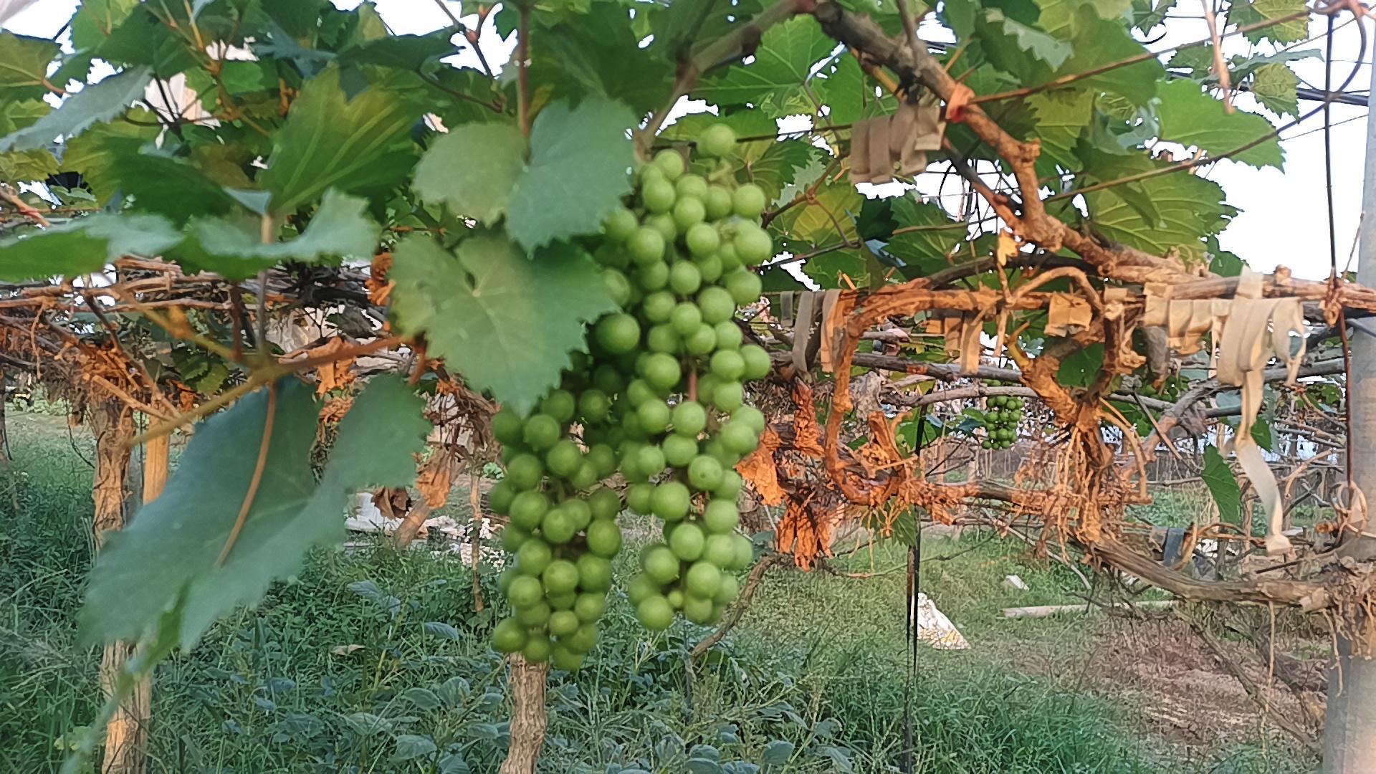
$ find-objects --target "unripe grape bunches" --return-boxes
[489,351,623,670]
[593,123,773,629]
[982,363,1024,450]
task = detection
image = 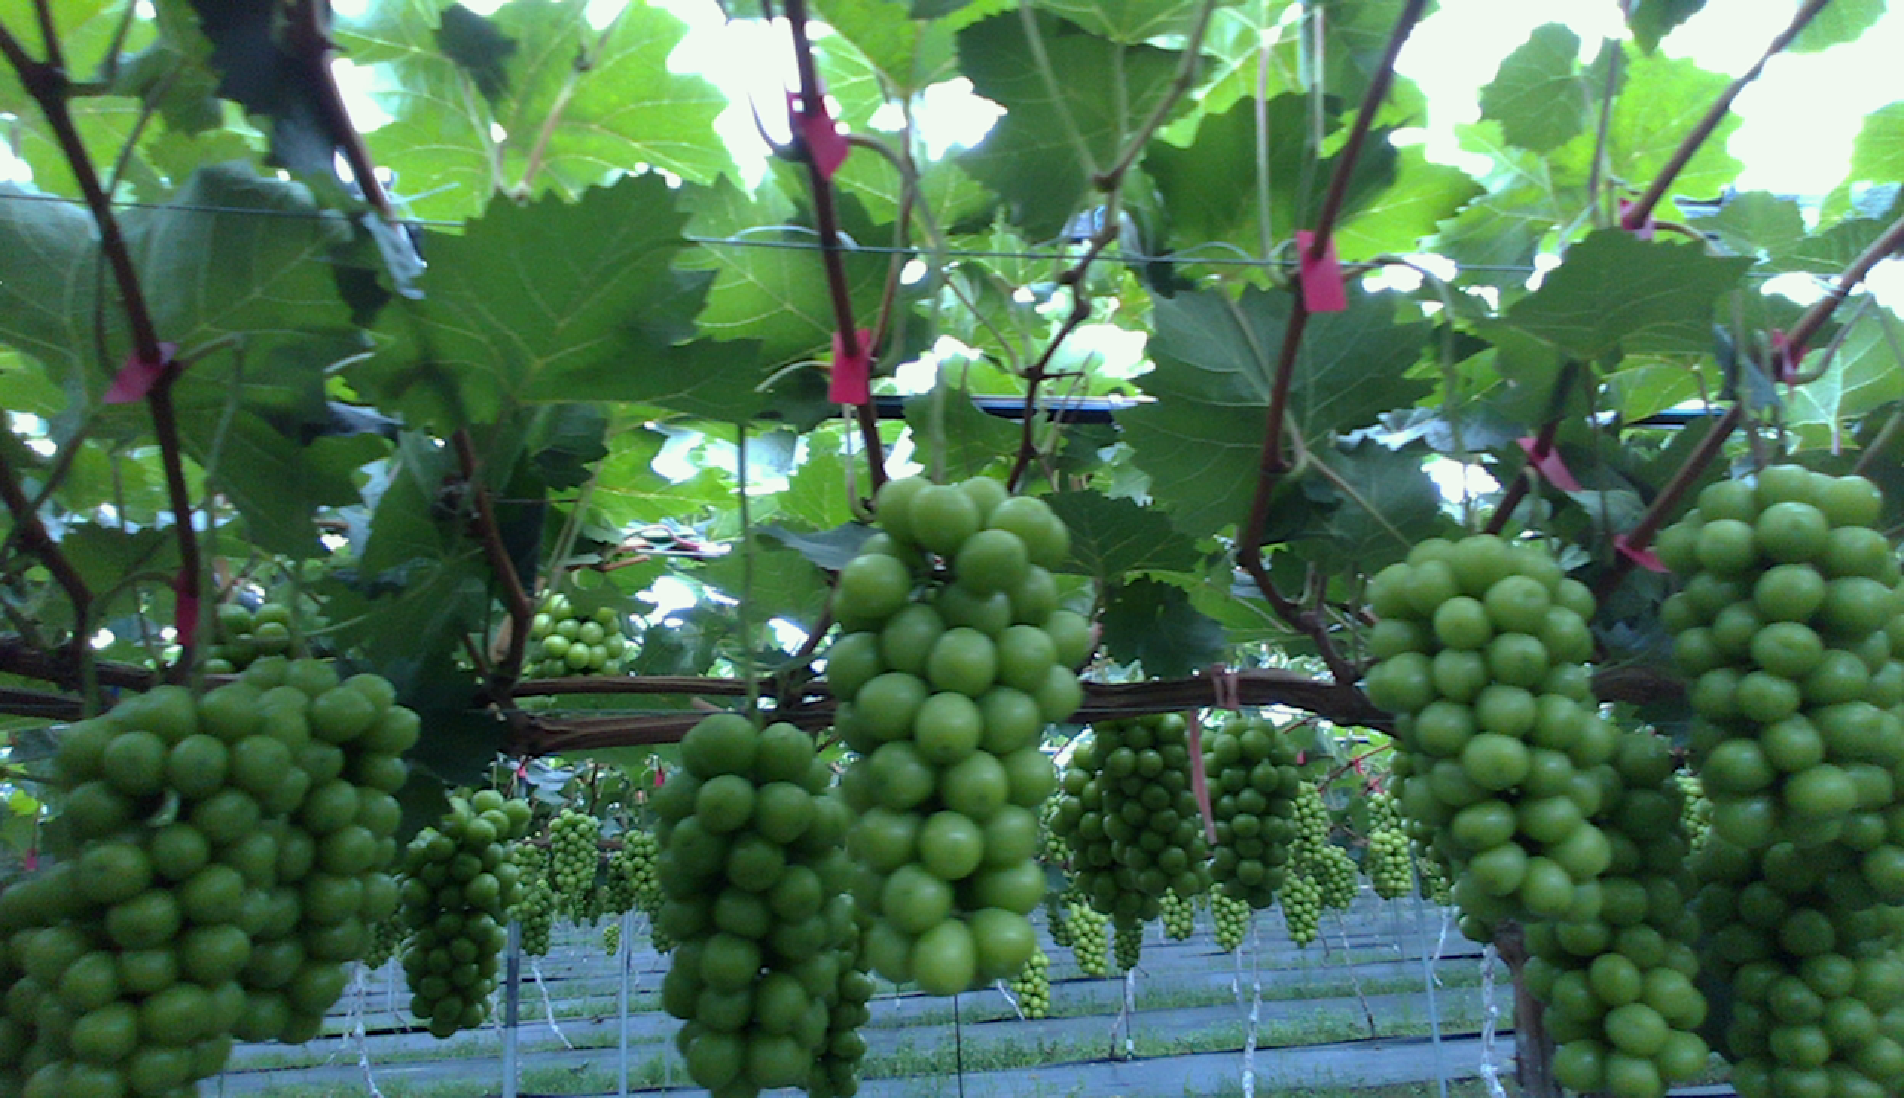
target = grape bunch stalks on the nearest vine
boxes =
[1729,284,1767,473]
[738,427,761,726]
[1341,255,1475,534]
[177,332,247,686]
[291,561,308,654]
[931,363,947,483]
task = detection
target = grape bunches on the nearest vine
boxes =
[1365,531,1611,926]
[1524,724,1707,1096]
[1697,837,1902,1096]
[24,686,288,1096]
[1654,462,1902,912]
[827,476,1094,1000]
[650,714,848,1096]
[235,654,416,1046]
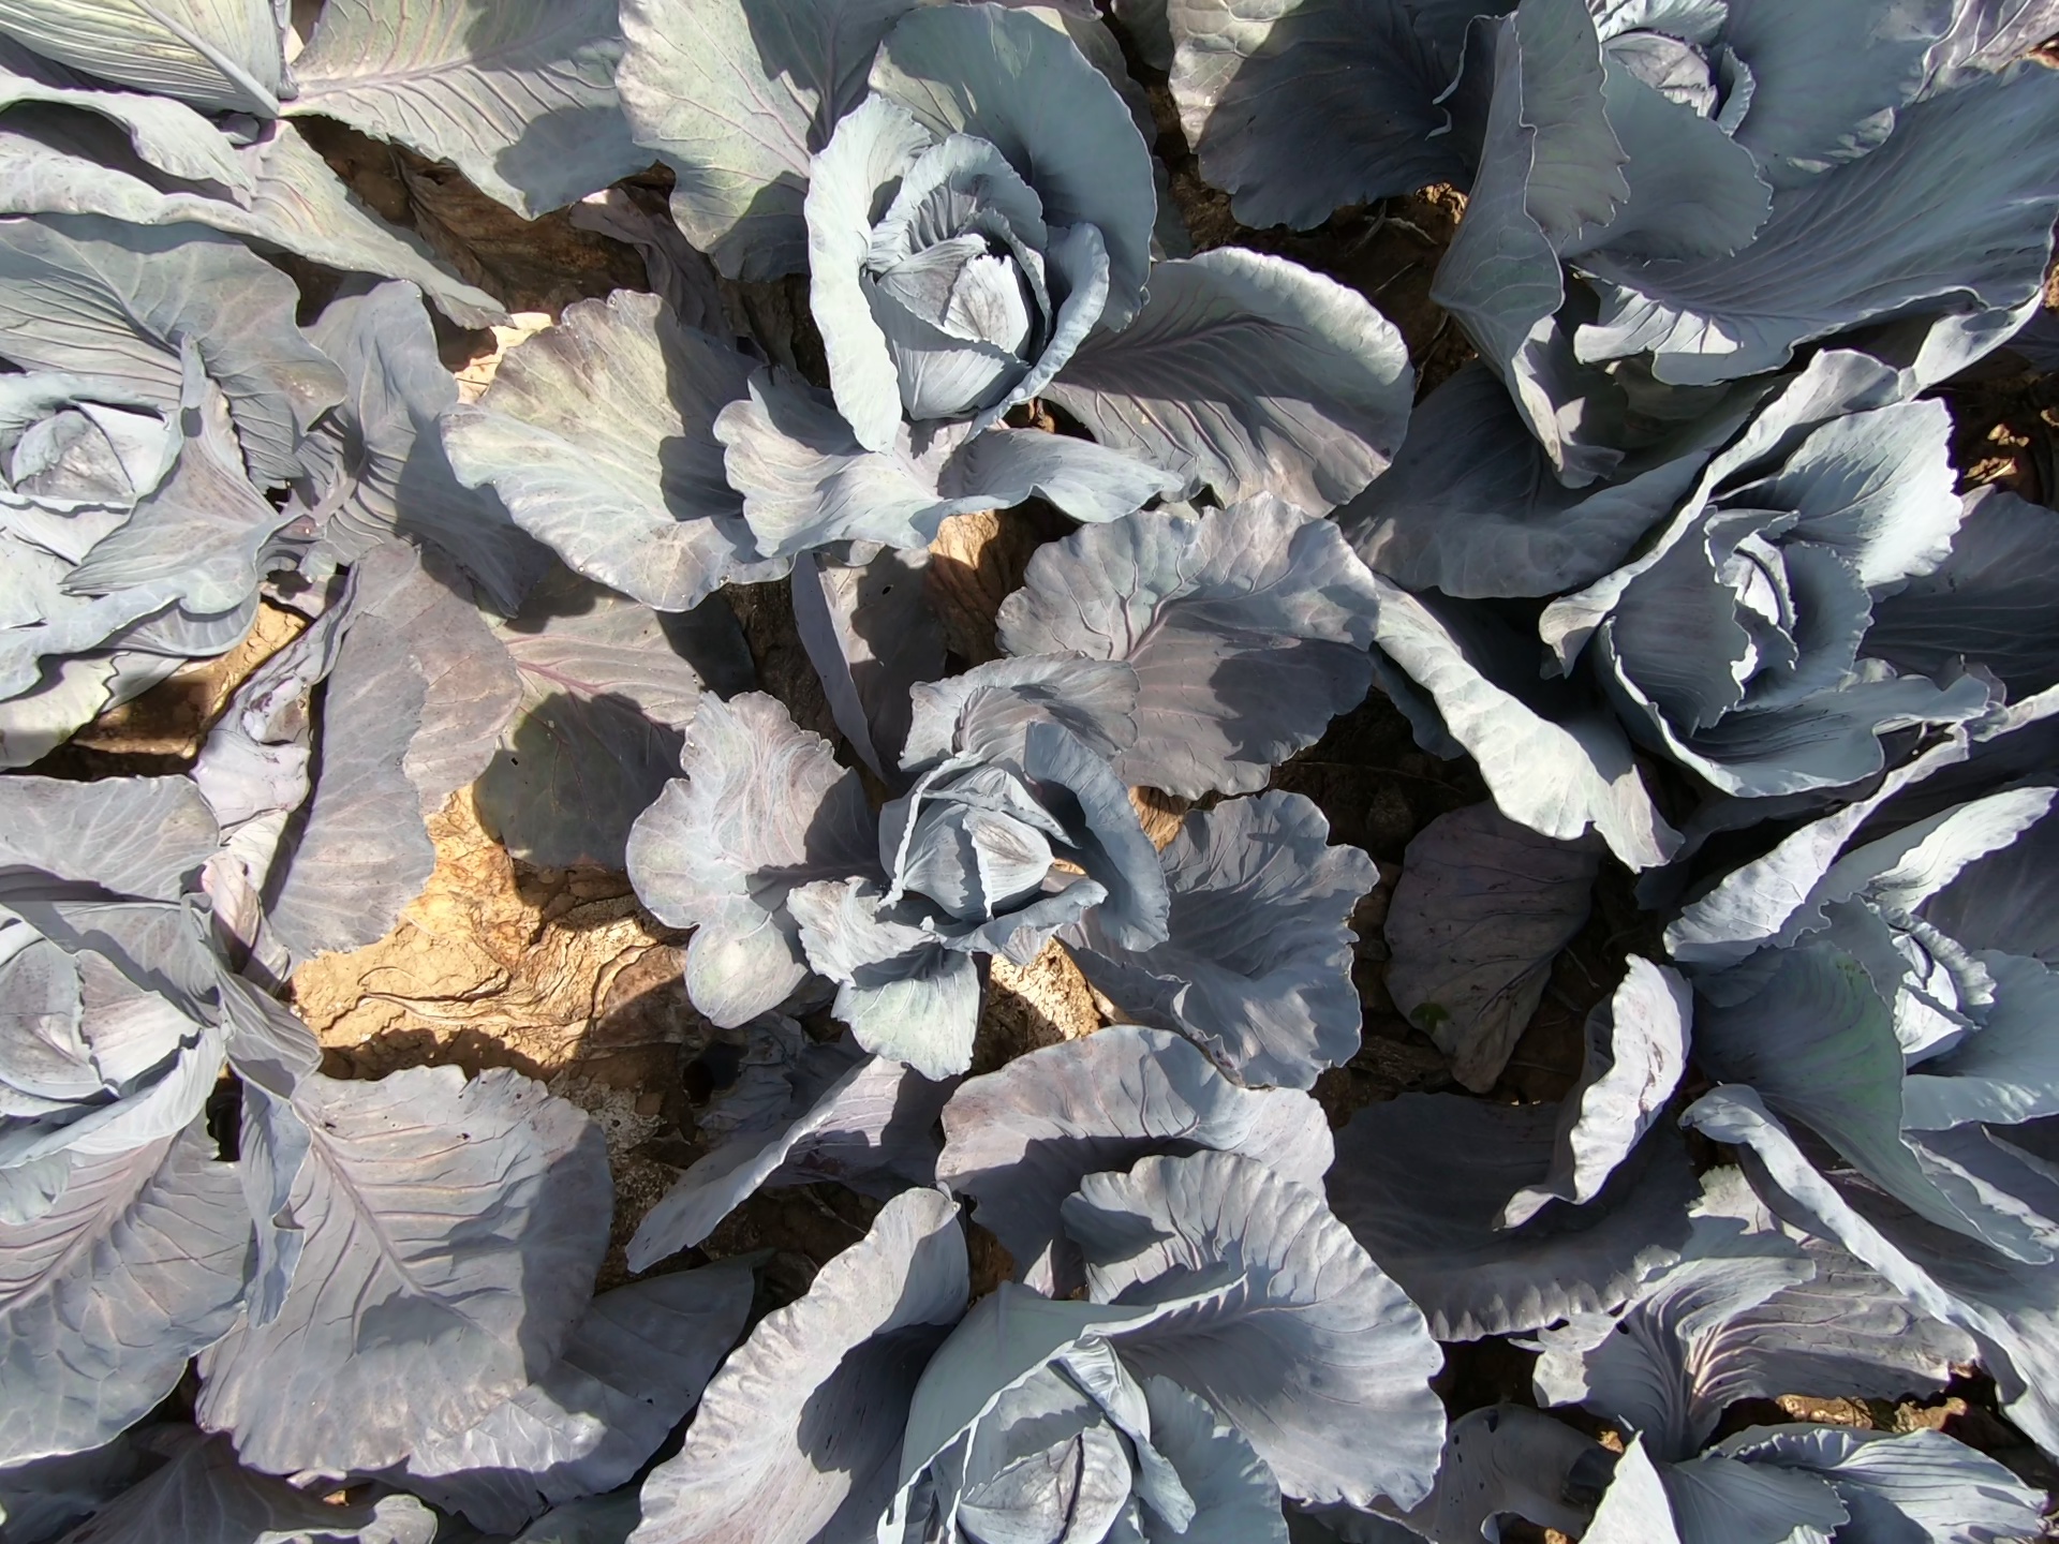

=-=-=

* [WORK TO COMPLETE]: Could you write out the records again exactly, omitting each image?

* [YOUR RESPONSE]:
$ find-objects --target "unripe grape bunches" --return-boxes
[489,351,623,670]
[593,123,773,629]
[982,363,1024,450]
task = detection
image = 
target = grape bunch stalks on the nearest vine
boxes =
[1729,284,1767,473]
[738,427,761,726]
[1341,255,1475,534]
[177,332,247,686]
[291,561,308,654]
[931,363,947,483]
task = detection
target = grape bunches on the nearest vine
boxes =
[1365,531,1611,926]
[1524,724,1707,1096]
[1697,837,1902,1096]
[24,686,288,1096]
[1654,462,1902,912]
[827,476,1094,1000]
[650,714,848,1096]
[235,654,416,1046]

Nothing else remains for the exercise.